All examples volition read test files from C:\temp.

Encoding

Character encoding is not explicitly saved with text files then Java makes assumptions virtually the encoding when reading files. Usually, the assumption is correct but sometimes you lot want to be explicit when instructing your programs to read from files. When encoding isn't correct, you'll run into funny characters appear when reading files.

All examples for reading text files use two encoding variations:
Default system encoding where no encoding is specified and explicitly setting the encoding to UTF-8.

Download Code

All code files are available from Github.

Code Quality and Code Encapsulation

There is a difference betwixt writing code for your personal or work project and writing lawmaking to explain and teach concepts.

If I was writing this code for my ain project, I would use proper object-oriented principles like encapsulation, brainchild, polymorphism, etc. But I wanted to make each instance stand lone and easily understood, which meant that some of the code has been copied from one example to the next. I did this on purpose because I didn't want the reader to accept to effigy out all the encapsulation and object structures I and so cleverly created. That would take away from the examples.

For the same reason, I chose Non to write these example with a unit testing framework like JUnit or TestNG because that's not the purpose of this commodity. That would add another library for the reader to understand that has zero to do with reading files in Java. That's why all the example are written inline inside the main method, without extra methods or classes.

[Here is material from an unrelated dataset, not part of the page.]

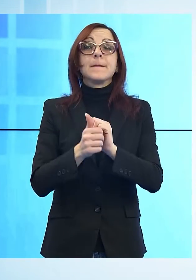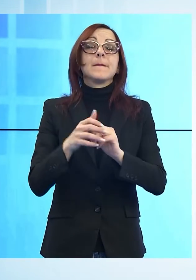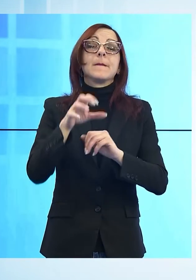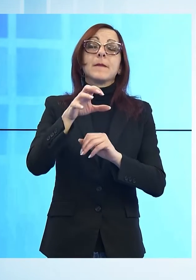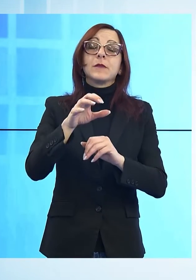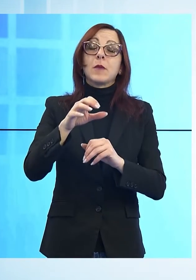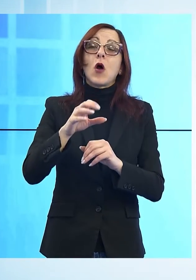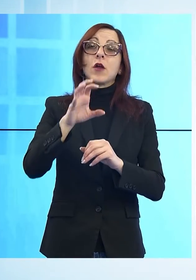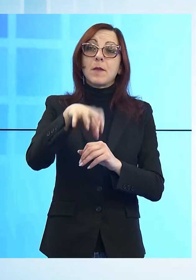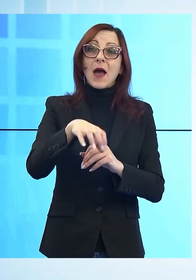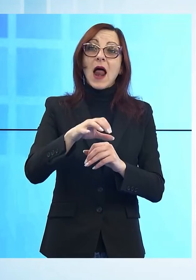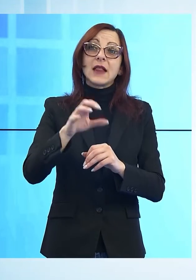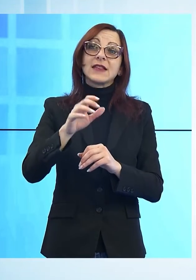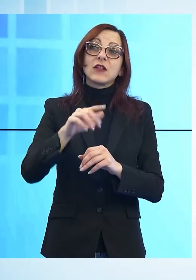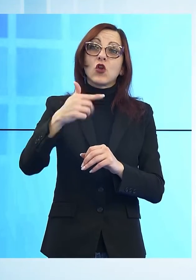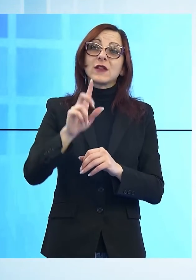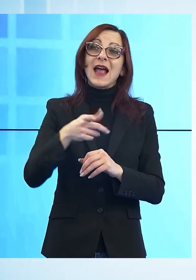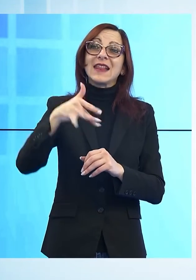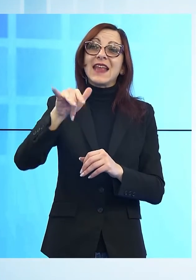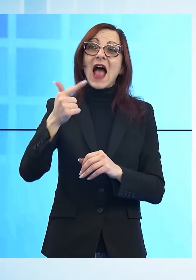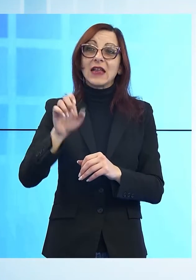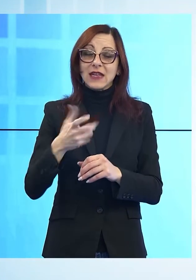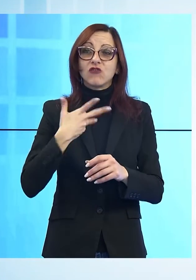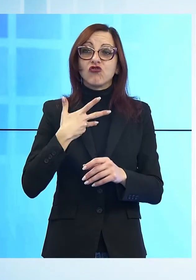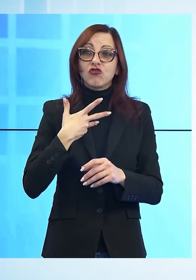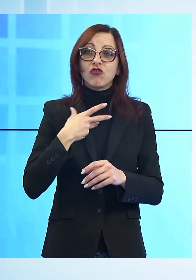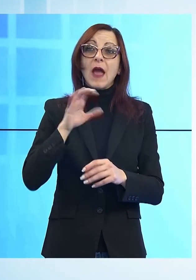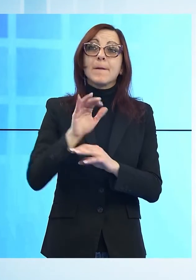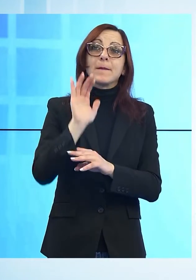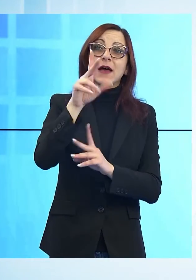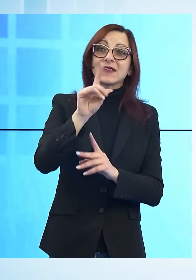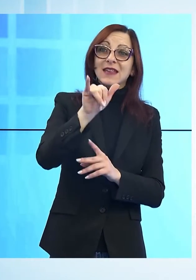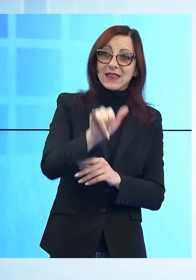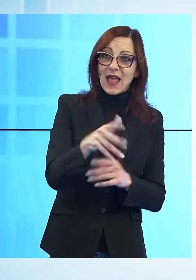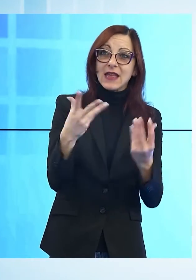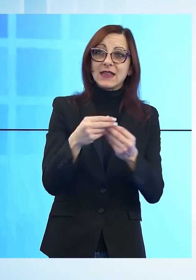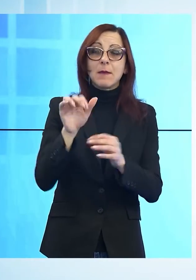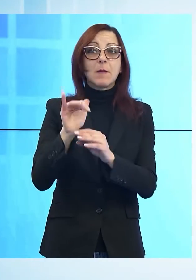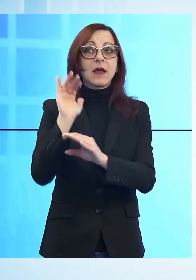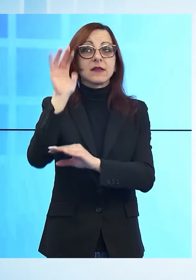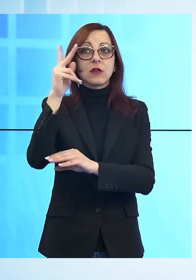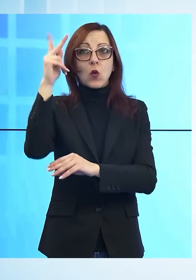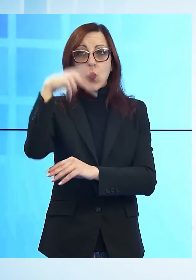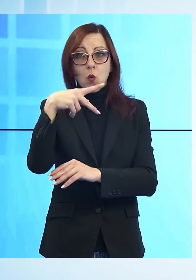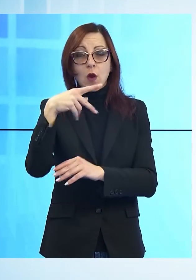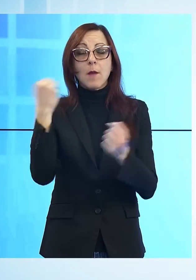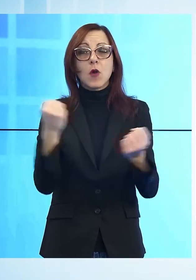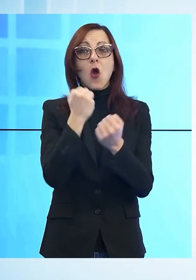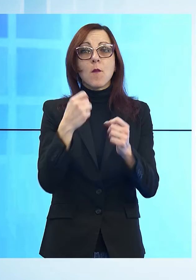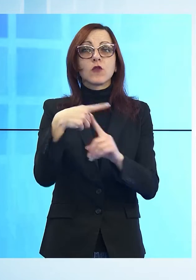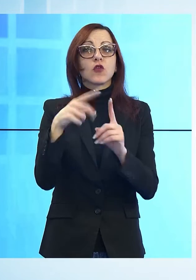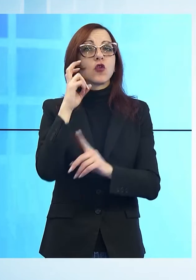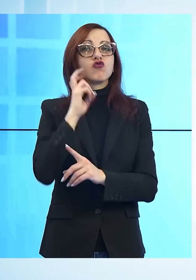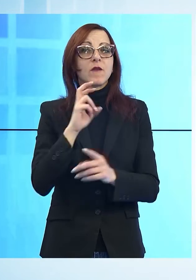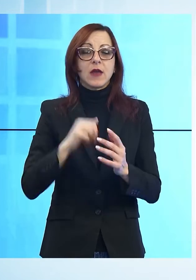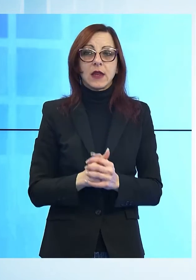Day, la manifestazione promossa dalla Croce Verde insieme al Basketball Club Lucca. L'evento è stato presentato dal

My primary purpose is to brand the examples every bit like shooting fish in a barrel to understand as possible and I believe that having extra unit testing and encapsulation code will non help with this. That doesn't mean that'south how I would encourage you to write your own personal lawmaking. It's but the way I chose to write the examples in this article to brand them easier to empathize.

Exception Treatment

All examples declare any checked exceptions in the throwing method proclamation.

The purpose of this article is to show all the different ways to read from files in Java – it's not meant to show how to handle exceptions, which will be very specific to your situation.

So instead of creating unhelpful try catch blocks that just print exception stack traces and ataxia upward the code, all instance will declare whatsoever checked exception in the calling method. This volition brand the code cleaner and easier to understand without sacrificing whatsoever functionality.

Future Updates

As Coffee file reading evolves, I will exist updating this article with whatever required changes.

File Reading Methods

I organized the file reading methods into three groups:

  • Classic I/O classes that have been part of Coffee since earlier JDK 1.7. This includes the coffee.io and java.util packages.
  • New Java I/O classes that have been role of Java since JDK1.7. This covers the java.nio.file.Files form.
  • Third party I/O classes from the Apache Commons and Google Guava projects.

Archetype I/O – Reading Text

1a) FileReader – Default Encoding

FileReader reads in one character at a time, without any buffering. It's meant for reading text files. It uses the default character encoding on your arrangement, so I have provided examples for both the default case, every bit well as specifying the encoding explicitly.

          

one
two
three
4
5
6
7
eight
9
10
11
12
13
fourteen
15
16
17
18
19

import coffee.io.FileReader ;
import java.io.IOException ;

public course ReadFile_FileReader_Read {
public static void main( Cord [ ] pArgs) throws IOException {
String fileName = "c:\\temp\\sample-10KB.txt" ;

try ( FileReader fileReader = new FileReader (fileName) ) {
int singleCharInt;
char singleChar;
while ( (singleCharInt = fileReader.read ( ) ) != - 1 ) {
singleChar = ( char ) singleCharInt;

//display one character at a time
Organisation.out.print (singleChar) ;
}
}
}
}

1b) FileReader – Explicit Encoding (InputStreamReader)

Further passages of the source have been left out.